:: Your goal ::
Keep the text of the data exactly as it is and omit each picture from the copy.

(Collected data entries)
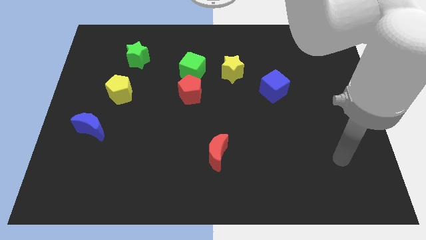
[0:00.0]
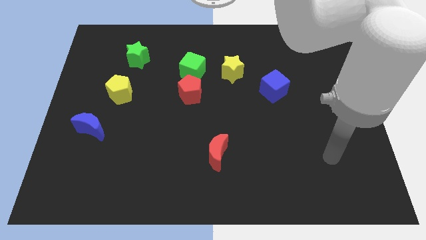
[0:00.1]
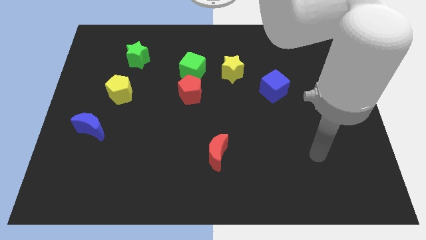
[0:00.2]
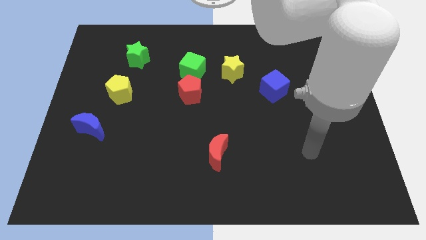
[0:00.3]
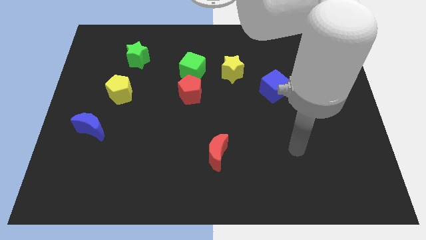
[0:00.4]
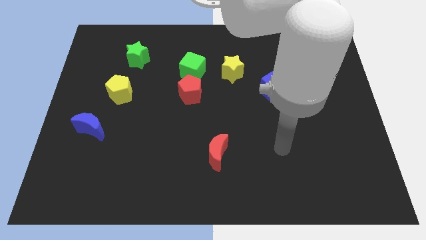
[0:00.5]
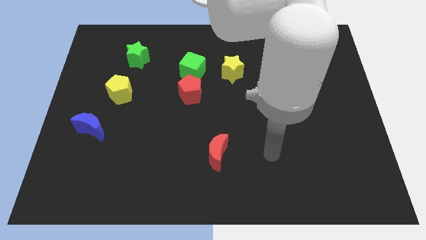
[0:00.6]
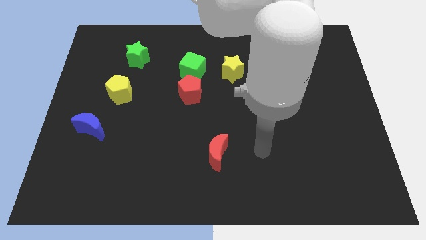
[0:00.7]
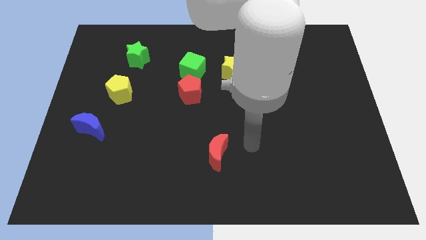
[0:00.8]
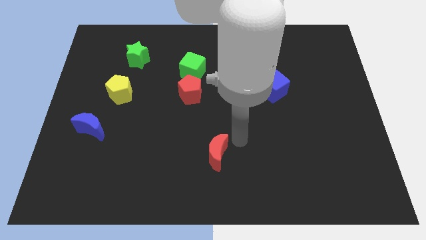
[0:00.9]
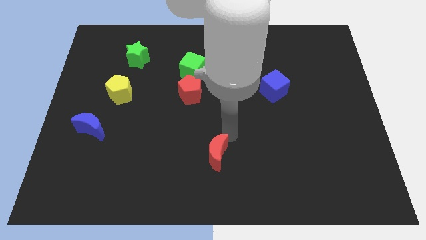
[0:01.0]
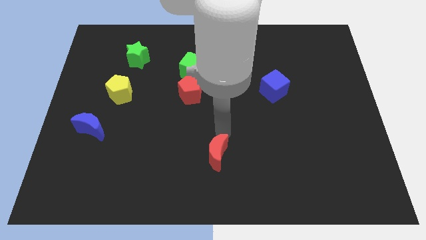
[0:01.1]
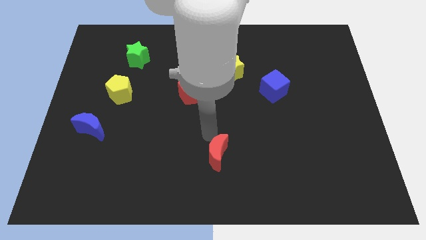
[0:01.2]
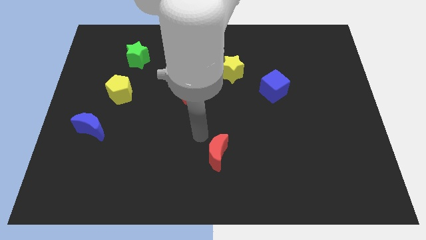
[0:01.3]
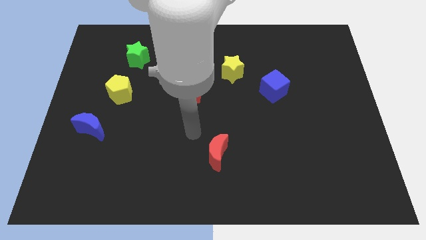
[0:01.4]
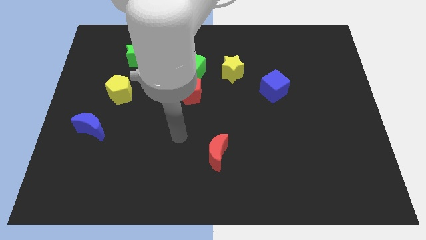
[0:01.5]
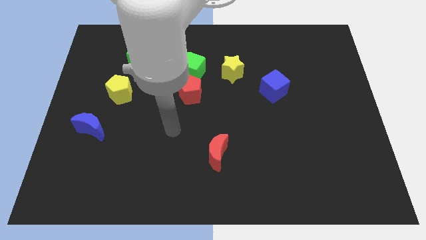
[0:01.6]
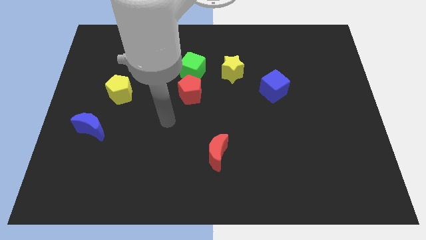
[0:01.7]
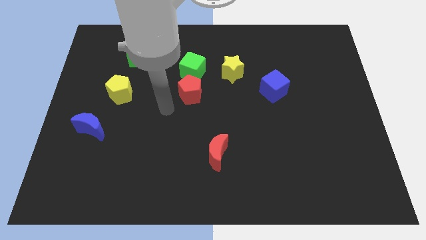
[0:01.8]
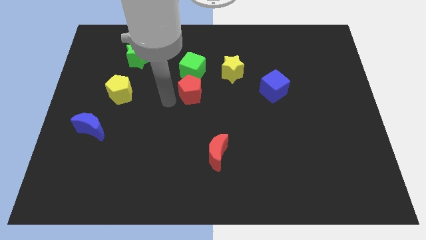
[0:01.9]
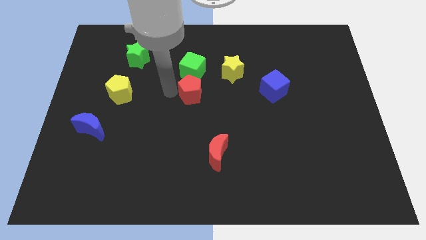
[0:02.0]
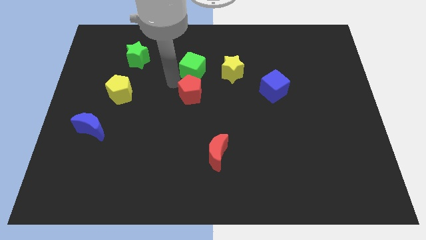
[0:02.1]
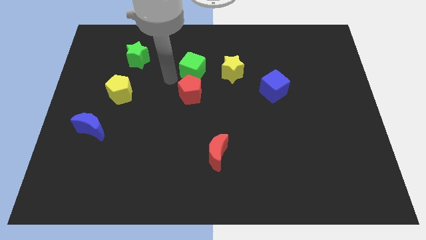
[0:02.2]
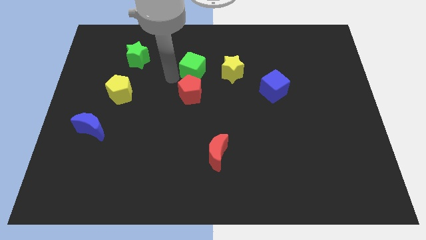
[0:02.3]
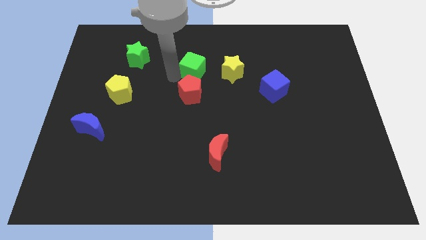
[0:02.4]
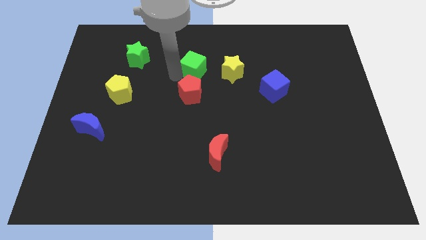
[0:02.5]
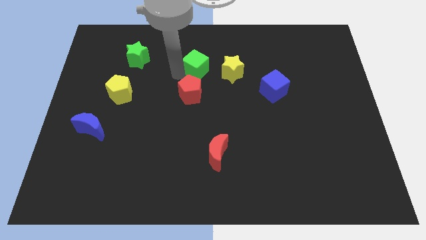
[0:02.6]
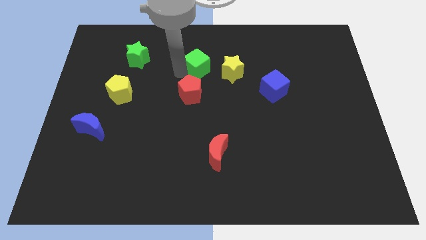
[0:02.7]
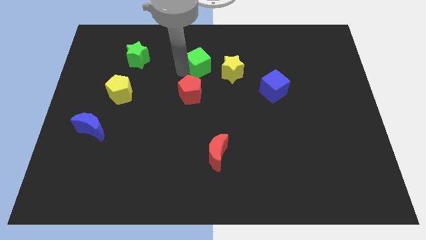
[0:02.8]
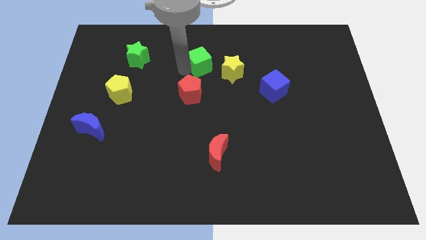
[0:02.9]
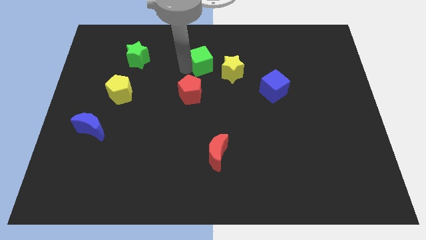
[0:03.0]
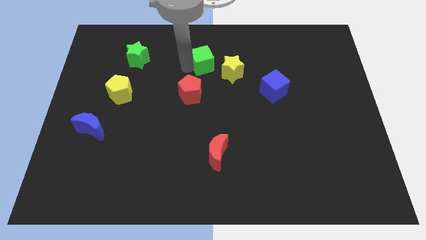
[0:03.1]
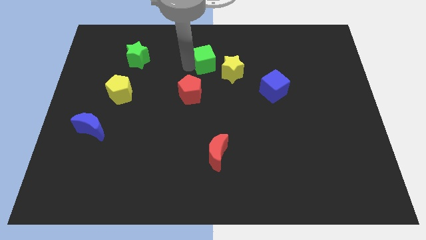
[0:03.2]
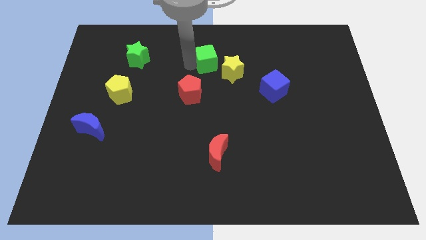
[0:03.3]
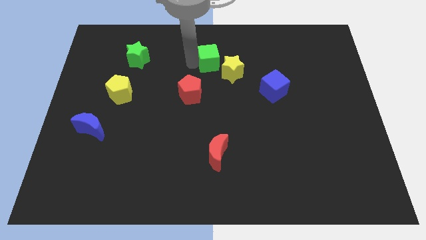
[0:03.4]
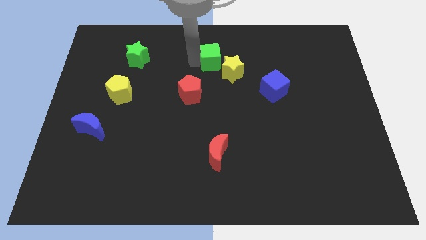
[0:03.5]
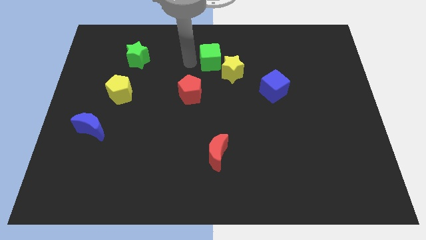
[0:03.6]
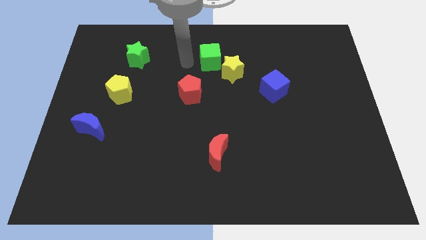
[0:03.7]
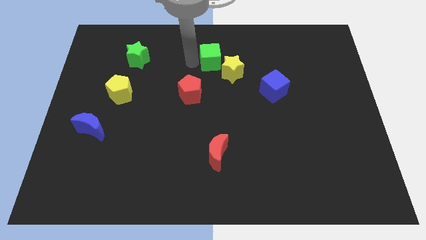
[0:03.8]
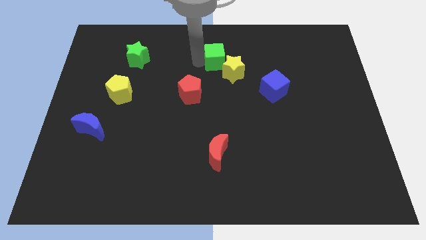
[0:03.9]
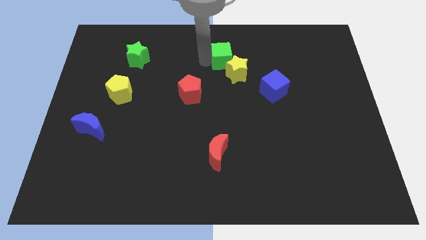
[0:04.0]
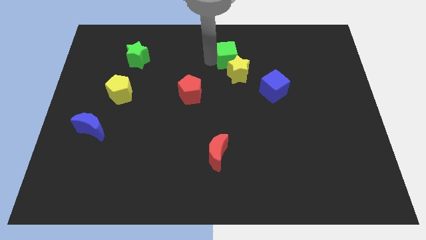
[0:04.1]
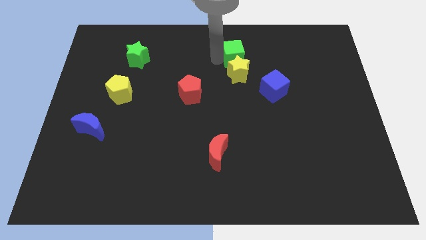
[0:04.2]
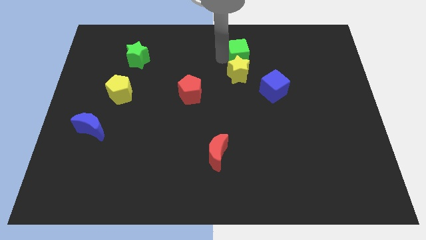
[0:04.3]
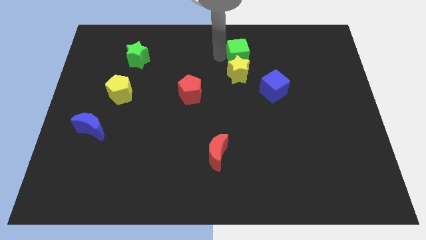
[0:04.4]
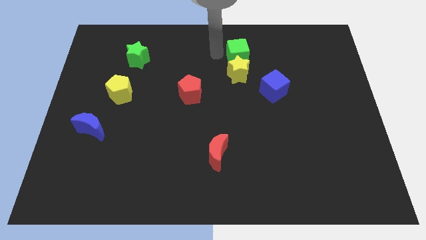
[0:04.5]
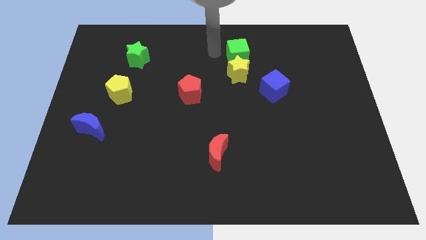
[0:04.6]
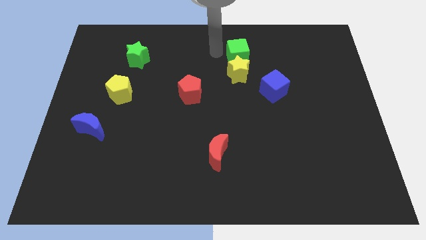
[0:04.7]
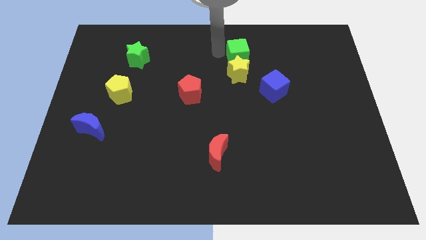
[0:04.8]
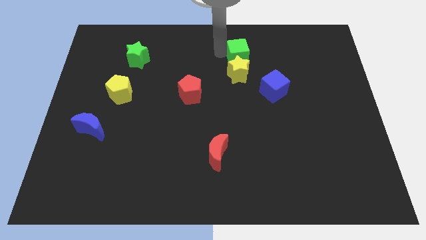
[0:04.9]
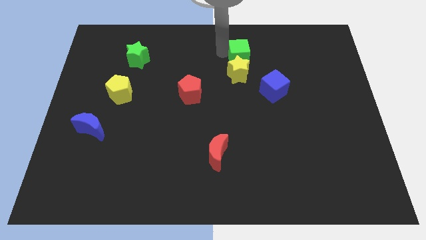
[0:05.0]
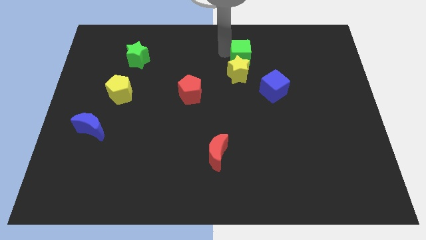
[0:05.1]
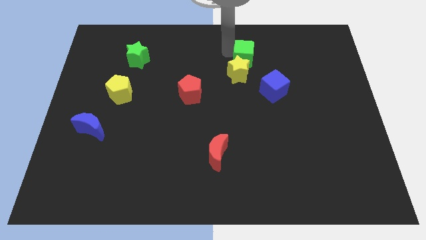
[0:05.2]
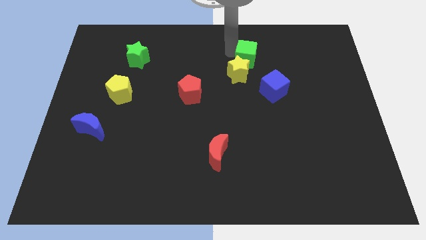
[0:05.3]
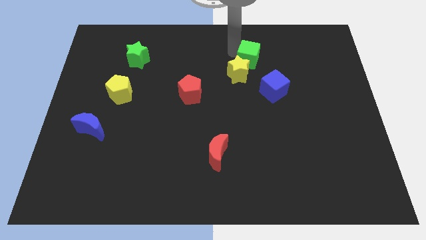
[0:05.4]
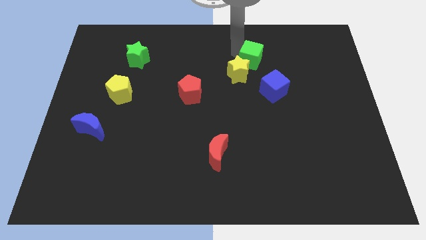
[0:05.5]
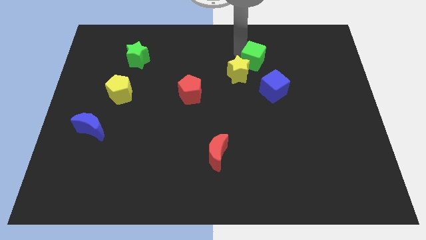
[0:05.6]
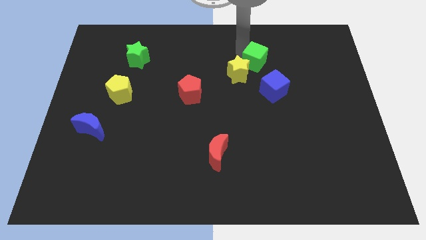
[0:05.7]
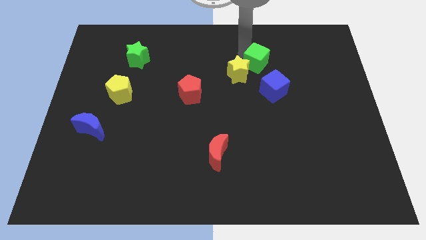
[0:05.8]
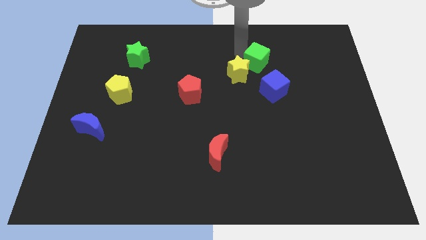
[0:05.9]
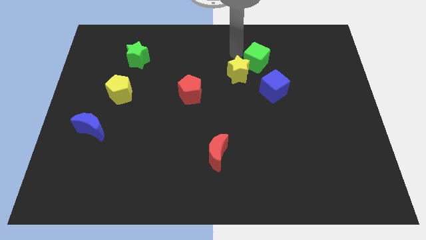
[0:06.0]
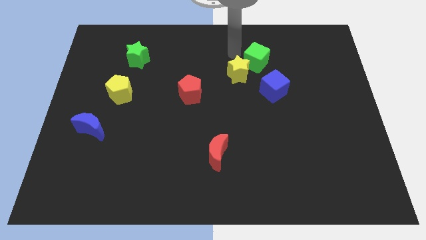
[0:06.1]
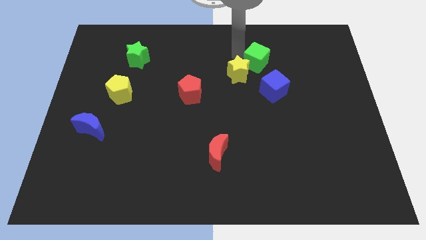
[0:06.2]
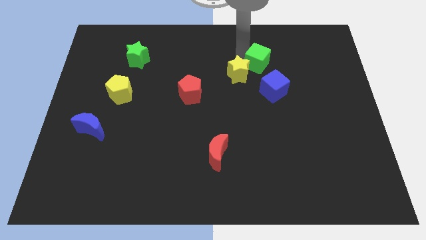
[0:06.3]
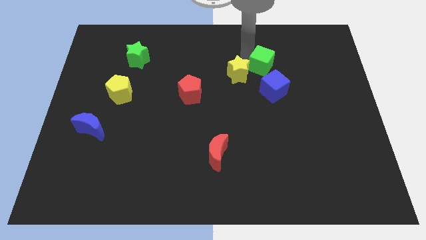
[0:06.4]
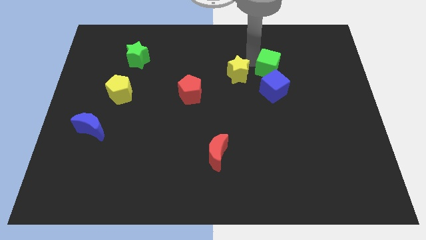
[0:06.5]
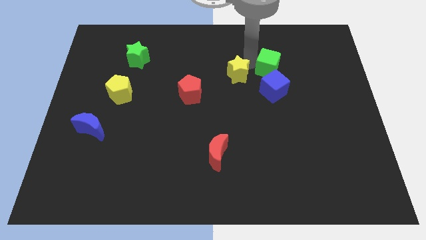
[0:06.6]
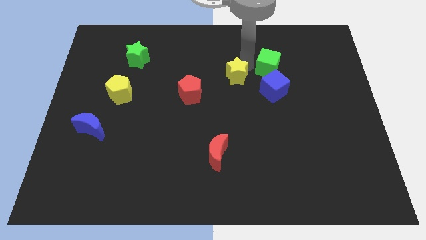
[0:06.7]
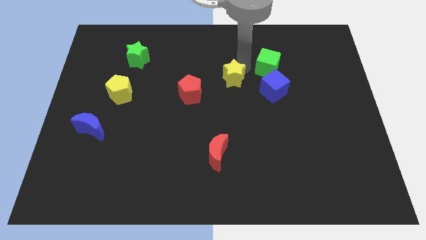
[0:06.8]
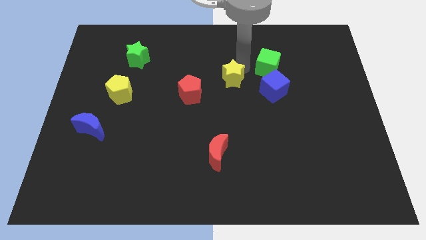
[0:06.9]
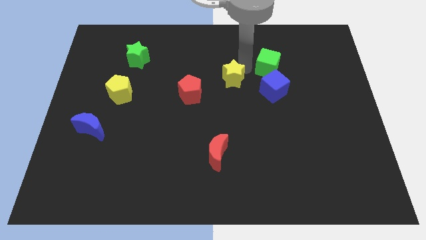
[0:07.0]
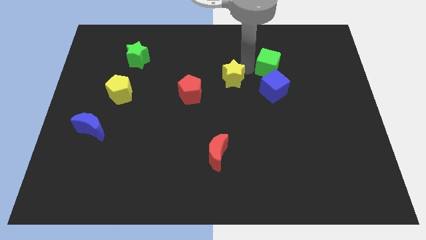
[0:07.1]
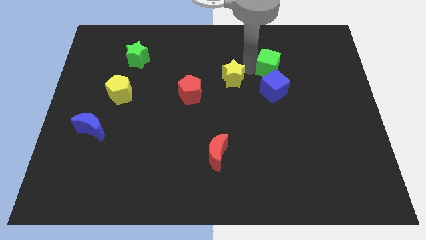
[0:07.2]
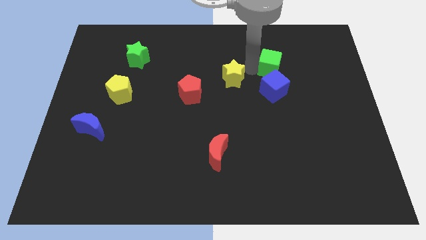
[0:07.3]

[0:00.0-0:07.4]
slide the green cube to the right

:: Expected answer ::
[0:00.0]
[0:00.1]
[0:00.2]
[0:00.3]
[0:00.4]
[0:00.5]
[0:00.6]
[0:00.7]
[0:00.8]
[0:00.9]
[0:01.0]
[0:01.1]
[0:01.2]
[0:01.3]
[0:01.4]
[0:01.5]
[0:01.6]
[0:01.7]
[0:01.8]
[0:01.9]
[0:02.0]
[0:02.1]
[0:02.2]
[0:02.3]
[0:02.4]
[0:02.5]
[0:02.6]
[0:02.7]
[0:02.8]
[0:02.9]
[0:03.0]
[0:03.1]
[0:03.2]
[0:03.3]
[0:03.4]
[0:03.5]
[0:03.6]
[0:03.7]
[0:03.8]
[0:03.9]
[0:04.0]
[0:04.1]
[0:04.2]
[0:04.3]
[0:04.4]
[0:04.5]
[0:04.6]
[0:04.7]
[0:04.8]
[0:04.9]
[0:05.0]
[0:05.1]
[0:05.2]
[0:05.3]
[0:05.4]
[0:05.5]
[0:05.6]
[0:05.7]
[0:05.8]
[0:05.9]
[0:06.0]
[0:06.1]
[0:06.2]
[0:06.3]
[0:06.4]
[0:06.5]
[0:06.6]
[0:06.7]
[0:06.8]
[0:06.9]
[0:07.0]
[0:07.1]
[0:07.2]
[0:07.3]

[0:00.0-0:07.4]
slide the green cube to the right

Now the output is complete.